Segment Start: Excerpted records
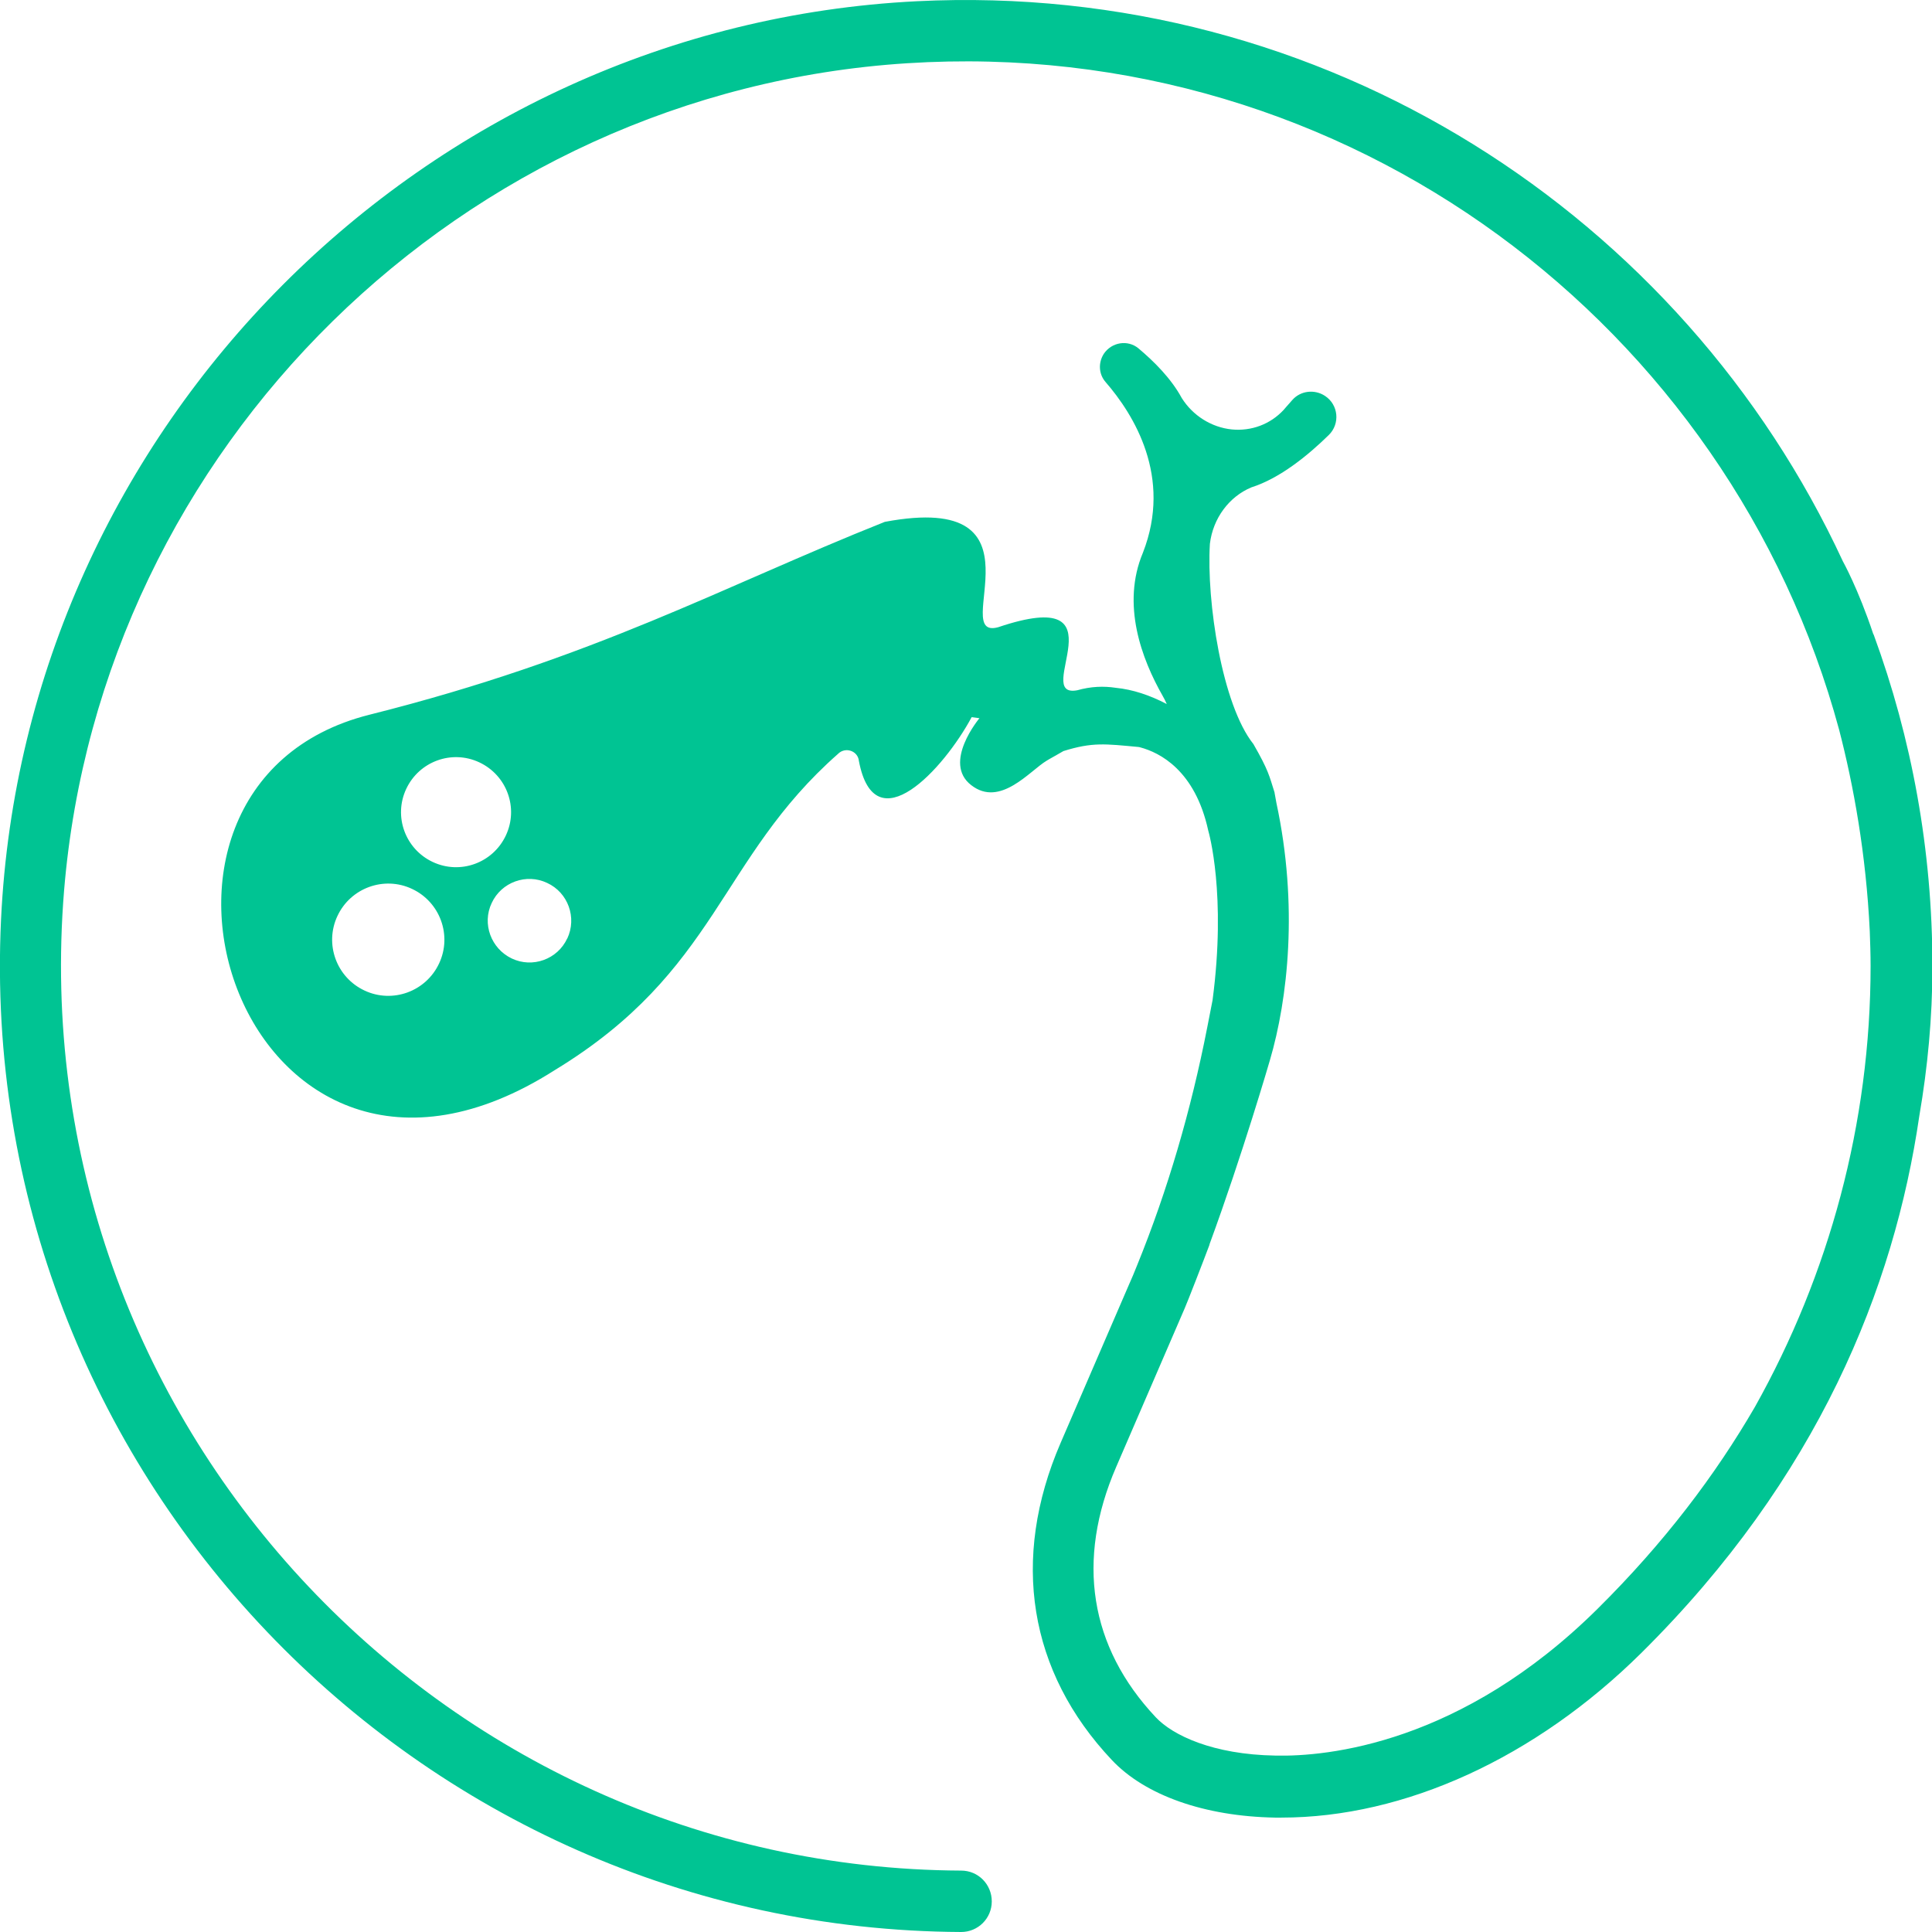 <?xml version="1.0" encoding="UTF-8"?>
<svg xmlns="http://www.w3.org/2000/svg" id="Layer_1" data-name="Layer 1" width="94.07" height="94.07" viewBox="0 0 94.07 94.07">
  <defs>
    <style>
      .cls-1 {
        fill: #00c493;
        stroke-width: 0px;
      }
    </style>
  </defs>
  <path class="cls-1" d="M91.21,30.87c-.74-2.22-1.48-3.54-1.48-3.54C81.95,10.54,64.55-.93,44.64.06,20.64,1.26,1.19,20.77.05,44.78c-1.27,26.83,20.19,49.16,46.75,49.29h0c.82,0,1.49-.66,1.49-1.49,0-.83-.66-1.5-1.49-1.5-25.38-.12-45.79-21.91-43.68-47.72C4.91,21.76,22.53,4.46,44.16,3.08c21.55-1.38,40.09,12.85,45.39,32.46.7,2.7,1.31,6.04,1.49,9.8.02.56.04,1.12.04,1.69,0,7.66-2.02,15.03-5.63,21.47-1.92,3.31-4.41,6.61-7.66,9.83-6.64,6.58-13.17,7.21-15.69,7.15-3.05-.05-5-.99-5.82-1.86-3.23-3.43-3.9-7.65-1.93-12.2l3.33-7.71c.13-.29.95-2.4,1.21-3.1,0,0,0,0,0,0,0,0,0-.01,0-.02,1.61-4.38,2.94-8.96,2.94-8.96.88-2.99,1.39-7.55.32-12.53-.07-.41-.1-.52-.09-.51-.26-.82-.29-1.07-1.03-2.36-1.53-1.92-2.29-6.95-2.12-9.75.15-1.25.94-2.3,2.02-2.75,1.39-.44,2.76-1.56,3.77-2.55.56-.55.47-1.47-.18-1.9-.51-.34-1.2-.26-1.6.2-.1.11-.2.23-.3.34l-.12.14c-.65.7-1.57,1.04-2.52.95-.99-.1-1.9-.67-2.44-1.53-.52-.96-1.36-1.79-2.11-2.42-.52-.43-1.3-.3-1.68.26-.28.43-.26.99.08,1.38,1.38,1.59,3.26,4.62,1.82,8.31-1.06,2.52-.06,5.18.96,6.97.06.1.13.24.2.4-.82-.43-1.66-.71-2.48-.79-.59-.09-1.21-.07-1.88.12-2.26.42,2.41-5.18-3.85-3.07-2.46.67,2.67-6.67-5.52-5.13-7.91,3.15-14.09,6.63-25.09,9.39-13.82,3.47-6.13,26.97,9.03,17.3,7.94-4.83,7.97-10.27,13.78-15.39.35-.36.97-.16,1.02.34.77,4.07,4.13.4,5.49-2.13l.38.05s-1.82,2.17-.4,3.26c1.41,1.1,2.85-.7,3.67-1.19.07-.05.73-.41.82-.47,1.41-.44,2.03-.35,3.64-.2.03,0,.06.01.1.02.94.25,2.67,1.11,3.31,4.05.03.1.89,3.11.21,8.26l-.26,1.33c-.79,4.04-1.93,7.93-3.41,11.57-.14.36-.28.68-.4.95l-3.33,7.71c-2.44,5.65-1.56,11.14,2.5,15.44,1.62,1.72,4.52,2.74,7.94,2.8.1,0,.21,0,.31,0,6,0,12.37-2.91,17.53-8.02,8.61-8.53,12.31-17.78,13.53-26.13.41-2.38.64-4.81.64-7.29,0-5.68-1.01-11.12-2.86-16.16ZM21.38,46.91c-.64,1.37-2.27,1.96-3.63,1.32-1.37-.64-1.96-2.27-1.32-3.63.64-1.37,2.27-1.96,3.63-1.32,1.37.64,1.96,2.27,1.32,3.63ZM21.07,41.97c-1.34-.63-1.92-2.22-1.29-3.56.63-1.34,2.22-1.92,3.56-1.29,1.34.63,1.92,2.22,1.29,3.56-.63,1.34-2.22,1.92-3.56,1.29ZM27.62,45.69c-.47,1.02-1.69,1.46-2.7.98s-1.46-1.69-.98-2.7c.47-1.02,1.69-1.46,2.7-.98,1.02.47,1.46,1.69.98,2.71Z"></path>
</svg>
Segment End: Excerpted records
** Task brief **
Filter the records above down to the lines containing "width".

** Result of the exercise **
<svg xmlns="http://www.w3.org/2000/svg" id="Layer_1" data-name="Layer 1" width="94.07" height="94.07" viewBox="0 0 94.07 94.07">
        stroke-width: 0px;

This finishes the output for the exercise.